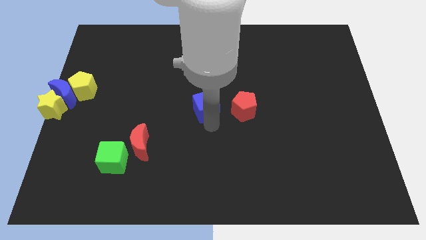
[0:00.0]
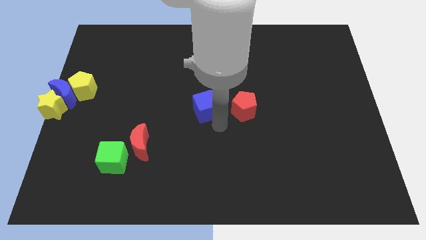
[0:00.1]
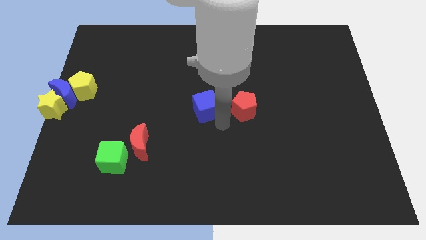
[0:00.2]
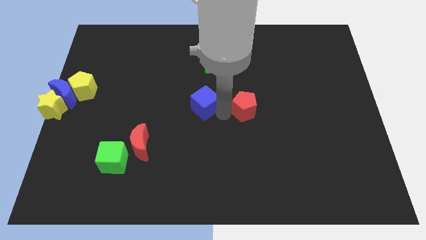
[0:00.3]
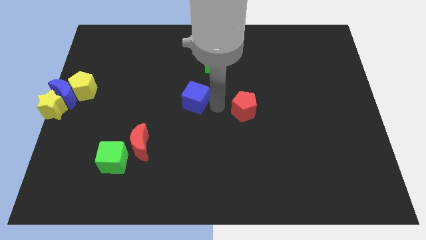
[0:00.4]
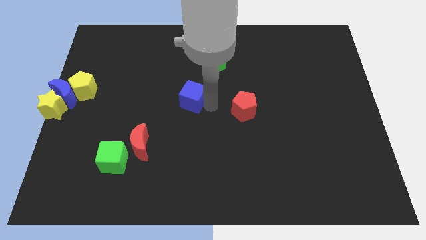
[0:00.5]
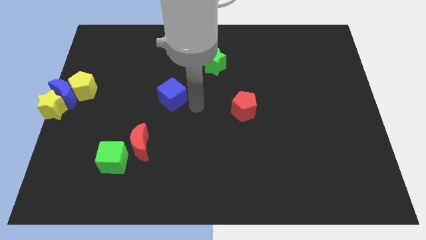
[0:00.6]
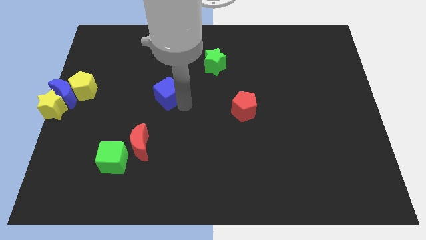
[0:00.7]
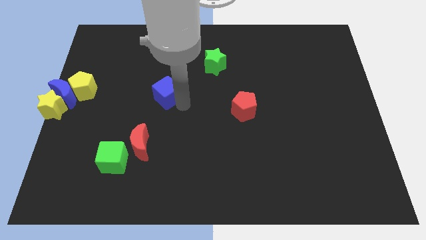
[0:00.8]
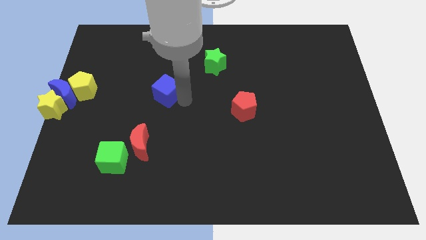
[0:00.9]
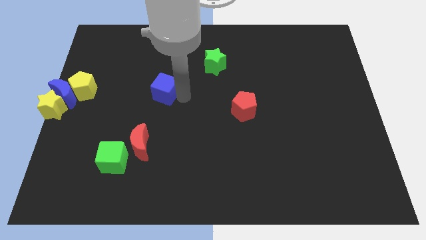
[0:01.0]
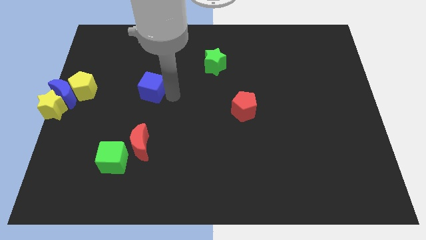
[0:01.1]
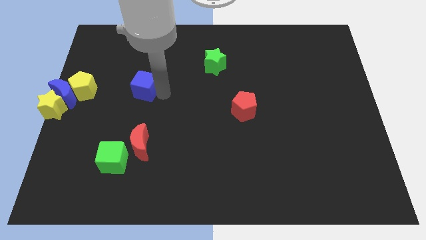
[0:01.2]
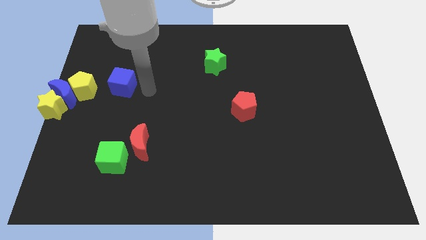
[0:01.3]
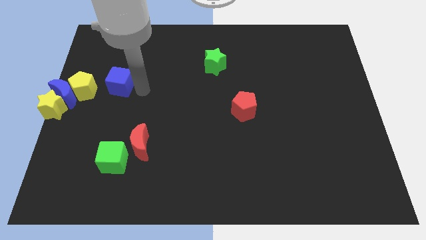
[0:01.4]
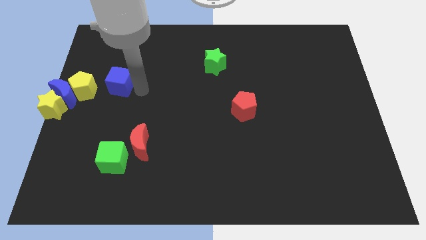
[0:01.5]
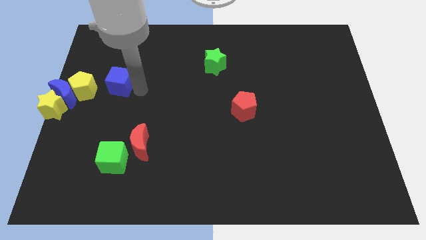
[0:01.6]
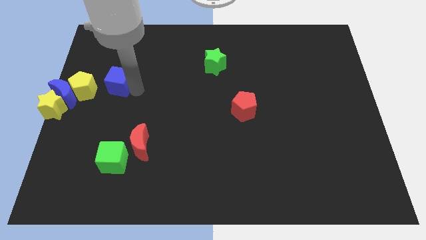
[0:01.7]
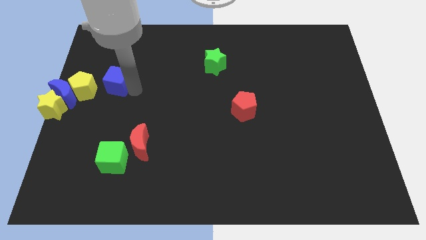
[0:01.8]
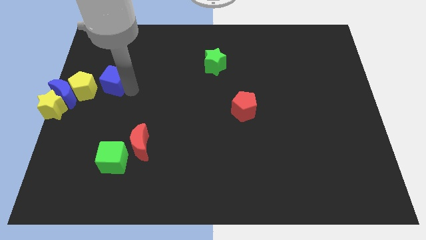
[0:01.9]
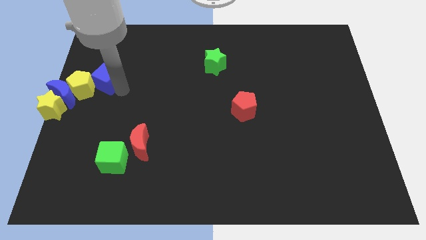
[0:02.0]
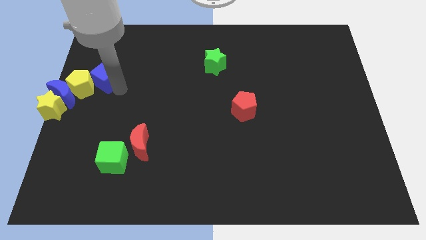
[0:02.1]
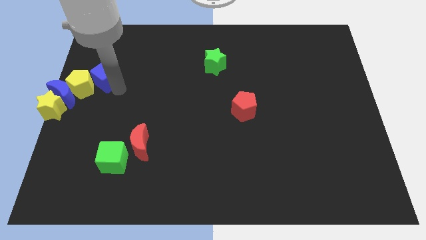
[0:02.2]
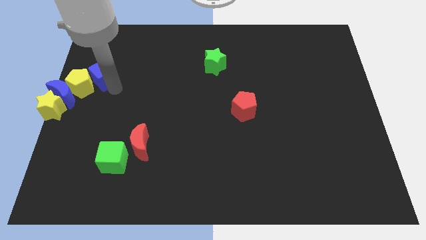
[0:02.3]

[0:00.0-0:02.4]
move the blue cube into the yellow pentagon

What to produce: Restate the preceding entries in full, word for word, with the pictures removed.

Answer to the problem:
[0:00.0]
[0:00.1]
[0:00.2]
[0:00.3]
[0:00.4]
[0:00.5]
[0:00.6]
[0:00.7]
[0:00.8]
[0:00.9]
[0:01.0]
[0:01.1]
[0:01.2]
[0:01.3]
[0:01.4]
[0:01.5]
[0:01.6]
[0:01.7]
[0:01.8]
[0:01.9]
[0:02.0]
[0:02.1]
[0:02.2]
[0:02.3]

[0:00.0-0:02.4]
move the blue cube into the yellow pentagon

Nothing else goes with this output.